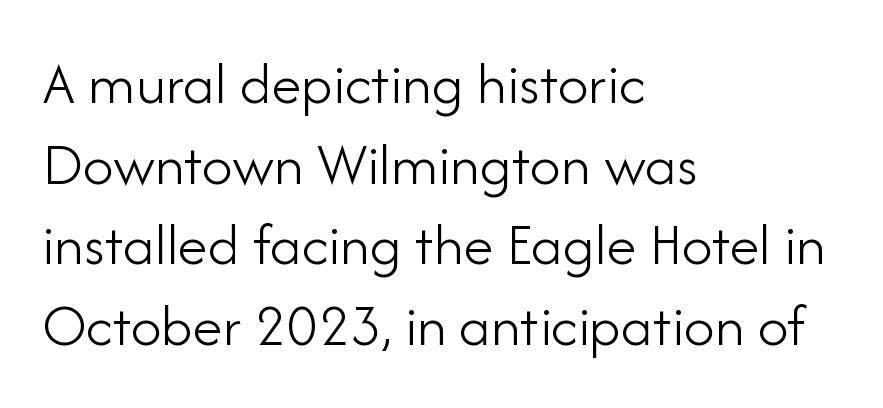
Q: Is the text bold? A: No.
Q: Is the text italic (slanted)? A: No, it is upright.
Q: Is the typeface a serif or a sans-serif typeface? A: Sans-serif.
Q: Is the text underlined? A: No.
Q: How is the paragraph aligned? A: Left-aligned.
Q: Is the spacing between letters normal or unusually wide? A: Normal.
Q: Is the spacing between lines tight, normal or loose? A: Normal.
Q: Width (condensed, normal, or wide)? A: Normal.
Q: Stroke contrast? A: Low.
Q: x-height? A: Small.
Q: Monospaced? A: No.

== == ==

YOUR ASSIGNMENT:
In the records above, how many lines hold "spacing"? Only the number is wanted.

RESPONSE BELOW:
2